Consequently the said article can apply only when the landlord files a suit for recovery of possession of the property from the tenant. As we pointed out already, the present is not a suit by a landlord for recovery of possession of the property from the tenant, but is one for partition and separate possession of the plaintiff's 1/4 share. As a matter of fact, the suit has been valued under Section 37(1) of the Tamil Nadu Court-fees and Suits Valuation Act, 1955. It is not even the case of the second defendant that the suit filed as one for partition was not maintainable and that the suit should have been filed as one for recovery of possession and relevant Court-fee should have been paid.
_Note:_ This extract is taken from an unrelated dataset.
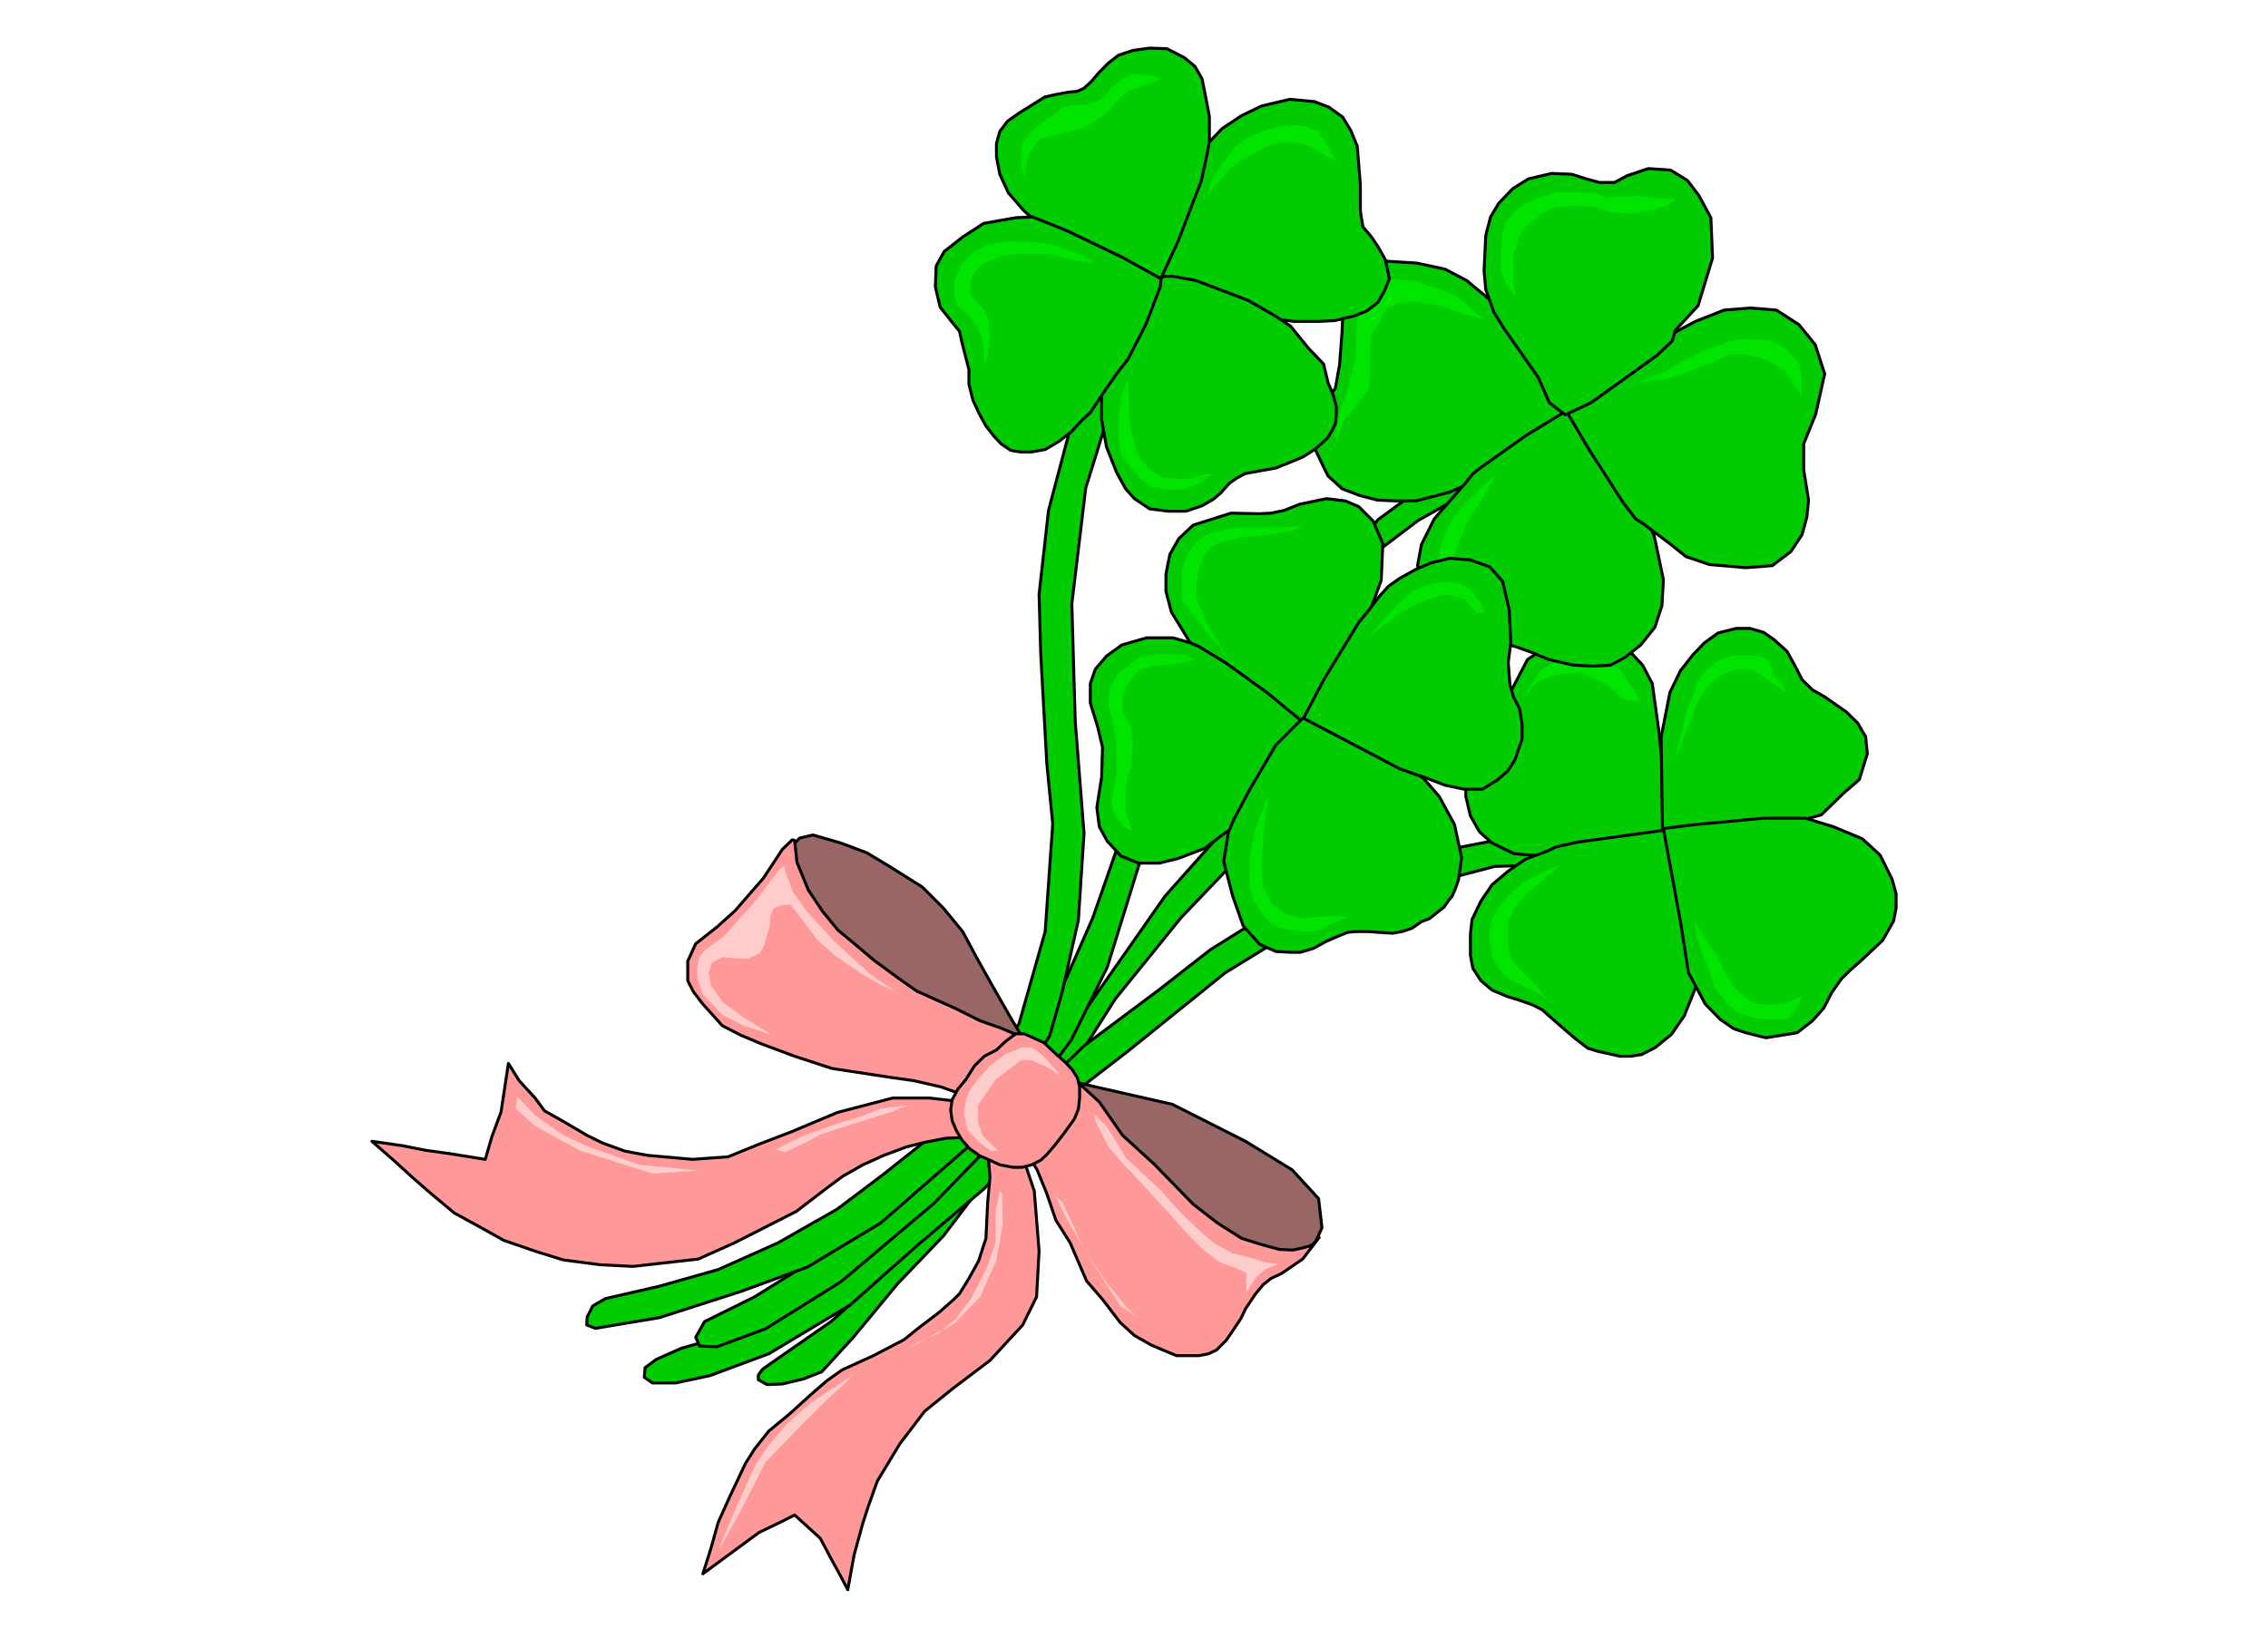 <svg xmlns="http://www.w3.org/2000/svg" width="10368" height="7488" fill-rule="evenodd" stroke-linecap="round" preserveAspectRatio="none" viewBox="0 0 10800 7800"><style>.pen1{stroke:#000;stroke-width:14;stroke-linejoin:round}.brush1{fill:#0c0}.pen2{stroke:none}.brush2{fill:#00e500}.brush4{fill:#f99}</style><path d="m5928 4053-304 318-313 387-180 284-428 567-210 277-219 229-210 254-151 165-87 34-100 24-73 3-42-23v-23l20-27 38-27 292-203 297-268 793-1043 191-276 306-437 406-456 107-88 31 58-164 271z" class="pen1 brush1"/><path d="m7362 3984-242 19-239 46-904 341-214 134-246 192-355 265-498 487-245 230-260 226-364 268-416 192-135 38-119 53-53 39-4 46 39 27h111l163-35 280-104 387-232 321-285 315-267 482-499 205-158 464-374 233-143 706-273 343-90 334-12 176-191-265 60z" class="pen1 brush1"/><path d="m7002 2187-294 181-146 107-1202 1449-156 447-150 342-114 238-349 467-237 218-322 268-439 273-238 118-42 74 18 42 82 4 233-86 360-225 440-371 321-331 334-448 172-348 165-533 206-280 907-1161 202-153 334-188 88-184-173 80z" class="pen1 brush1"/><path d="m5166 1734-74 323-99 374-45 400 8 287 29 521 28 285-36 513-125 440-457 567-193 153-215 162-283 161-284 127-283 80-253 58-61 35-27 53-2 38 41 16 305-51 392-126 313-115 349-210 428-373 275-360 101-157 61-214 76-338 27-414-42-536-16-557 66-551 111-357 199-505h-154l-160 271zm2288 1331-111 30-69 46-114 219-180 349v84l22 93 43 76 60 53 104 51 130 11 459-58 146-42-42-476-34-245-46-88-54-58-110-57-204 12z" class="pen1 brush1"/><path d="m7917 3984-7-472 42-214 50-103 60-77 54-56 65-47 87-22h64l66 19 49 34 62 56 37 66 35 69 50 49 61 35 100 70 54 53 38 65 8 81-38 123-74 64-107 104-127 35-194 26-308 32h-74l-53 10z" class="pen1 brush1"/><path d="m7370 4053-106 39-82 57-77 65-53 78-42 87-8 69v103l12 62 38 58 53 45 74 31 53 16 65 23 46 23 46 41 62 54 49 42 61 47 46 14 107 24h50l53-8 66-34 76-62 61-88 58-145 3-112-79-444-43-131-31-53-416 57-103 23-39 19z" class="pen1 brush1"/><path d="m8073 4694 47 88 71 73 65 45 57 19 96 24 149-24 73-57 54-61 38-74 45-64 46-45 50-44 101-95 52-92 12-61v-69l-19-69-57-115-85-78-137-57-134-41h-199l-320 30-157 19 23 127 61 333 35 227 33 61zM6490 1351l-62 66-34 68-3 93-12 159-20 112-35 47-48 65-16 92v81l43 91 21 42 67 61 83 32 85 22 88 4h95l161-42 96-42 275-176 96-81 96-92-100-226-134-181-119-103-129-107-103-54-135-29-146-9-95 35-15 72z" class="pen1 brush1"/><path d="m7809 3344-26-54-27-37-22-39-20-23-37-31-40-16-83-11-96 8-69 24-54 26-29 46-36 57-11 31 31-46 34-35 42-14 46-16 58-7 50-4 53 19 50 26 38 20 34 30 31 31 83 15zm700-46-23-42-39-38-7-35-15-31-27-19-27-10h-127l-70 29-60 51-33 53-22 65-31 77-11 58-31 115-8 37 69-164 31-91 38-63 39-46 52-33 61-24h60l43 16 38 30 100 65zm-1074 817-77 34-88 46-57 44-57 56-36 50-18 42-8 46v54l15 83 36 50 22 27 46 31 43 19 83 42 31 24-53-66-69-69-50-58-16-46-3-79 3-62 21-38 26-46 37-39 40-31 129-114zm635 275 8 67 27 83 35 85 23 76 36 46 30 39 42 35 42 14 51 15 45 5h95l24-20 26-30 16-31 11-31-39 20-45 16-68 7-54-4-39-15-42-31-42-39-37-61-34-77-61-92-50-77z" class="pen2 brush2"/><path d="m6980 2299-150 172-61 122-19 101 42 141 260 218 77 4 88 23 84 30 73 31 118 27 92 5 85-5 72-39 72-57 67-84 34-103 7-124-45-214-120-222-165-211-121-164-206 126-219 156-31 24-34 43z" class="pen1 brush1"/><path d="m7829 2497 123 93 76 61 112 38 173 15 127-10 88-67 53-80 23-84 8-81-23-145v-123l57-141 43-192-45-139-78-96-107-69-123-10-126 10-137 54-129 69-122 73-169 135-115 98-84 44 115 195 157 244 62 82 41 26z" class="pen1 brush1"/><path d="m7978 1573 108-117 69-227-8-192-58-107-53-70-81-50-106-7-101 34-60 32h-72l-62-17-69-22-96-4-111 26-75 47-66 69-39 65-23 89-8 168 8 88 38 107 47 77 164 234 54 122 76 58 122-58 154-110 161-116 72-68 15-51z" class="pen1 brush1"/><path d="m7126 2259-70 62-72 72-65 74-38 76-25 73-3 65 8 58 46 26h8l8-119 30-76 38-91 65-101 70-119zm672-436 130-53 74-43 68-35 59-30 58-16 49-22 58-8h50l77 4 68 30 35 32 42 49 11 57 4 47-4 45-45-65-32-49-65-39-55-24-83-15h-64l-70 35-71 26-83 36-76 18-135 20zm185-874-69-4-112-11-80 3-77 4-50-22-87-4h-96l-77 22-76 35-50 41-42 51-14 61-5 61v100l27 69 46 62-12-51-3-154 30-95 49-56 54-43 55-28 91-11 106 5 78 26 87 8 108-16 73-23 46-30zm-920 571-61-53-60-53-101-40-103-34-102-12-85 27-54 69-34 93-4 72-3 103-35 151-36 107-22 87v77l28-96 45-61 42-51 39-49 7-61v-85l4-111 38-62 38-69 51-26 72-8 137 21 104 40 95 24z" class="pen2 brush2"/><path d="m5514 1328 260 100 275 89 116 14h114l77-4 92-22 61-24 53-41 31-55 23-57-19-91-35-62-31-46-41-49-12-74V881l-15-185-30-73-39-65-65-47-69-27-118-11-135 32-95 46-92 61-61 64-53 62-67 135-110 375-15 80z" class="pen1 brush1"/><path d="M5759 672V555l-20-105-15-75-34-59-51-42-82-42-82-3-80 11-69 23-49 38-46 47-35 41-34 31-31 15-43 4-60 11-53 12-123 77-54 38-37 49-16 58v62l16 84 41 89 72 83 48 43 152 107 116 52 240 101 99 19 81-175 111-289 30-140 8-48zm-513 1212v116l23 129 49 123 42 76 42 47 73 49 88 11h84l77-26 54-31 35-30 41-46 34-24 40-22 148-27 77-31 54-23 53-34 27-23 34-31 23-38 15-31 4-45v-39l-15-54-24-57-21-89-73-76-84-104-73-49-127-73-141-54-111-42-108-20h-45l-87 69-120 231-69 176-19 92z" class="pen1 brush1"/><path d="m6366 770-34-58-29-47-27-39-50-22-61-8-66 4-50 15-72 23-42 23-54 39-31 42-37 49-28 39-22 47-15 60 41-56 53-63 70-57 80-41 57-33 66-7h65l50 13 91 53 45 24zm-833-395-53-16-89-5-57 28-46 41-42 46-34 20-46 11h-54l-50 11-45 36-85 57-31 38-27 30-11 43v58l15 76 11-79 16-43 24-34 22-32 81-19 42-12 64-15 58-26 43-31 45-34 27-35 34-32 35-26 74-27 79-29zm-162 1425-33 99-12 108v80l16 84 49 61 42 50 42 36 58 10 45 4h46l62-18 38-20 47-35h-32l-64 19-62 4-77-8-37-22-31-23-30-34-27-50-24-88-11-89v-84l-5-84z" class="pen2 brush2"/><path d="m4916 1033-79 4-153 27-100 65-88 69-38 69-4 99 23 97 57 72 35 43 11 50 34 133v69l19 76 31 67 31 56 39 50 33 35 46 31 46 8h50l68-12 66-39 58-45 53-57 38-35 77-116 53-75 49-63 85-165 69-180 4-38-184-102-260-125-118-48-51-20z" class="pen1 brush1"/><path d="m5212 1253-77-44-126-45-93-12-114-3-103 18-69 37-54 59-30 73-4 61 22 66 42 30 39 50 27 57 12 50 3 58 5 34 11-46 11-88-7-85-27-54-31-29-27-34-4-51 19-53 39-43 58-26 45-17 61-7h145l119 28 108 16z" class="pen2 brush2"/><path d="m6226 3444 173-261 98-199 80-219 8-175-46-108-69-69-63-27-90-11-129 27-73 29-62 13-57 3-134-3-180 57-69 65-42 74-19 95v81l26 99 90 147 244 191 222 153 92 38z" class="pen1 brush1"/><path d="m5668 3062-82-24h-126l-118 34-73 53-53 62-24 69v92l35 114 23 97-4 142-23 145 12 92 38 69 65 70 84 34h99l92-23 123-47 80-61 85-60 76-70 54-76 111-211 68-119-183-150-192-138-125-76-42-18z" class="pen1 brush1"/><path d="m5850 3962-23 141 42 162 51 145 79 88 77 34 70 4h46l63-19 62-34 46-20 54-22 39-4h57l53 4 65 4 47-8 46-16 45-31 39-15 37-30 31-24 20-29 19-24 15-34 15-43 15-106-34-158-73-134-76-87-161-104-257-143-156-38-127 127-122 207-77 145-27 62z" class="pen1 brush1"/><path d="m6769 3697 112 43 91 19h87l70-43 50-43 34-52 35-101v-72l-12-73-30-58-16-57-8-104 12-94-7-154-31-138-62-70-92-33-99-8-89 22-72 31-76 42-54 38-46 51-46 61-50 61-164 268-99 188 263 138 196 103 76 27 27 8z" class="pen1 brush1"/><path d="m6203 2505-123 8h-192l-61 11-76 19-49 35-34 38-24 46-16 61v135l47 64 46 54 45 62 39 42 26 43 16 10-99-165-50-118v-77l12-61 26-68 30-40 47-22 56-12 66-15 80-4 138-22 50-24zm-509 639-55-26-118-3-91 14-46 31-66 54-34 69-7 73 19 65 19 99 3 161-22 107-4 39 15 54 46 57 38 20-31-96v-114l27-101 8-99-11-89-39-71v-71l31-69 43-53 61-22 87-8 127-21zm347 641-68 177-22 126v137l26 77 38 58 34 38 43 20 38 8 70 11h53l60-23 46-24 58-19 8-3-108-5-110 12-85-20-65-49-42-81-8-118 12-161 22-161zm1030-870-22-46-27-38-34-31-39-23-42-4h-51l-56 11-73 32-42 34-58 58-56 64-54 58 95-69 69-49 51-27 60-27 57-19 50-8 77 23 30 34 27 34 38-7z" class="pen2 brush2"/><path d="m3596 4276 143-210 68-74 64-15 132 38 125 47 108 65 156 98 101 101 91 111 76 141 69 123 88 154 69 115 107 153 207 50 383 87 348 176 222 136 126 137 16 139-31 68-99 85-448 88-632-586-646-488-762-441-81-298z" class="pen1" style="fill:#966"/><path d="m3784 4003 11 104 54 132 68 102 73 89 82 68 90 76 117 86 87 61 187 84 114 57 97 34 73 31 41 39 257 191 100 92 110 158 151 138 186 191 115 89 115 73 95 30 85 23 65 3 50-11 42-12 33-37-79 103-101 69-49 23-38 30-38 46-46 69-22 46-35 53-35 51-46 46-38 18-45 9h-108l-119-50-81-46-68-62-84-110-76-88-78-181-68-108-43-126-45-111-58-99-84-96-157-135-77-38-83-30-131-30-114-16-275-42-177-58-153-57-103-43-89-46-95-106-42-55-27-53v-93l38-83 103-81 85-77 134-154 91-138 47-45 11 3z" class="pen1 brush4"/><path d="m4625 5271-95-29-103-12h-176l-264 69-219 92-149 57-152 62-170 12-214-19-107-20-107-39-75-37-112-66-89-50-45-61-76-83-51-82-35 231-45 122-30 104-169-27-115-16-111-22-145-21 103 90 91 83 93 81 106 88 128 70 107 60 157 54 126 39 175 23 157 8 311-35 172-77 295-150 149-114 73-54 95-54 100-45 107-40 87-22 104-20 92-3h100l15 191-11 119-8 170-35 108-46 83-45 73-27 27-69 61-96 73-72 58-146 76-149 68-72 51-75 65-106 96-96 79-68 86-43 68-76 161-54 120-34 122-39 123 268-197 116-56 53-27 122 111 51 96 46 84 34 65 30-165 42-153 26-80 43-120 107-177 118-155 135-109 176-133 156-169 66-134 12-219-23-286-73-215-57-97-170-89z" class="pen1 brush4"/><path d="m4790 4959 47-35h41l93 42 57 54 42 37 37 39 24 39 10 42v53l-6 53-19 47-50 69-41 53-40 47-29 27-43 22-46 12h-43l-63-12-47-22-47-20-49-34-38-43-27-46-19-45-7-51 7-49 27-50 38-46 42-66 46-45 58-30 45-42z" class="pen1 brush4"/><path d="m4285 4736-142-96-175-161-123-134-69-96-37-100-4-26-28 22-103 139-157 176-84 61-32 35-10 42v62l26 76 95 99 98 50 132 42-126-77-104-76-56-80-12-58 15-50 50-27 54 5 69 2 57-26 19-34 27-96 4-50 15-34 42-16h39l42 53 84 112 84 76 131 89 84 49 80 35 15 12zm766 387-23-27-43-47-29-29-43-31h-46l-84 34-72 57-54 59-43 61-18 57-5 50 15 73 58 61 57 42 28-4-69-69-23-65v-81l84-122 65-50 57-43h46l81 35 61 39zm157 181 57 56 42 65 57 93 161 149 65 74 57 60 70 65 61 54 88 49 80 20 95 27 47 4-65 27-42 38-46 69v-92l-51-22-76-28-80-61-77-77-80-91-141-154-85-89-68-80-58-115-11-41zm-180 397 46 93 88 157 103 161 73 111 76 46-43-35-102-126-107-157-70-154-33-72-31-24zm-2565-479 85 90 134 95 122 56 242 85 279 27-218 15-348-111-208-114-69-61-26-24 7-58zm1230 254 121-61 150-55 153-48 77-32 130-16-88 35-150 46-175 57-88 46-84 39-46-11zm1068 199-20 99v146l-42 120-74 145-72 95-87 73-93 39-46 30 219-119 121-126 78-176 30-172-4-146-10-8zm-709 882-189 122-116 103-90 108-57 83-88 193-70 165-18 50 92-165 130-253 168-173 124-123 91-83 23-27z" class="pen2" style="fill:#fcc"/></svg>

Under these circumstances, the suit being one for partition valued under (section 37 of the Court-fees Act, 1955, for the purpose of Court-fee and jurisdiction, Article 67 of the schedule to the Limitation Act of 1963, referred to above, can have no application. Consequently the learned Judge is in error.

6. Even apart from this, we have to consider the question whether the suit can be said to be barred by limitation. As we pointed out already, the only ground urged by the second defendant was that the first defendant was a lessee of the suit property from Marudachalam, that the lease commenced in 1939, that the lease determined in 1940, that the tenant had not paid any rent and that neither Marudachalam nor the plaintiff nor the third defendant collected any rent. We are of the opinion that the tenant cannot claim title to the demised property by adverse possession, unless he surrenders possession of the property to the landlord. Mere failure on the part of the tenant to pay rent regularly to the landlord cannot clothe him with a right to claim title by prescription. After all, a claim of title by prescription is one of animus, and there must have been some overt act on the part of the tenant that he intends to claim title in himself hostile to the title of the lessor. No such case has been put forward or proved in this case, and, therefore, even independently of Article 67 of the schedule to the Limitation Act, 1963, adverse possession cannot be said to have been established in the present case. On this ground also the suit instituted by the plaintiff cannot be dismissed.

6. Consequently the appeal is allowed, the judgment and decree of Sethuraman, J., dated 21st November, 1975, in S. A. No. 136 of 1973 are set aside, and the said second appeal will stand dismissed. There will be no order as to costs.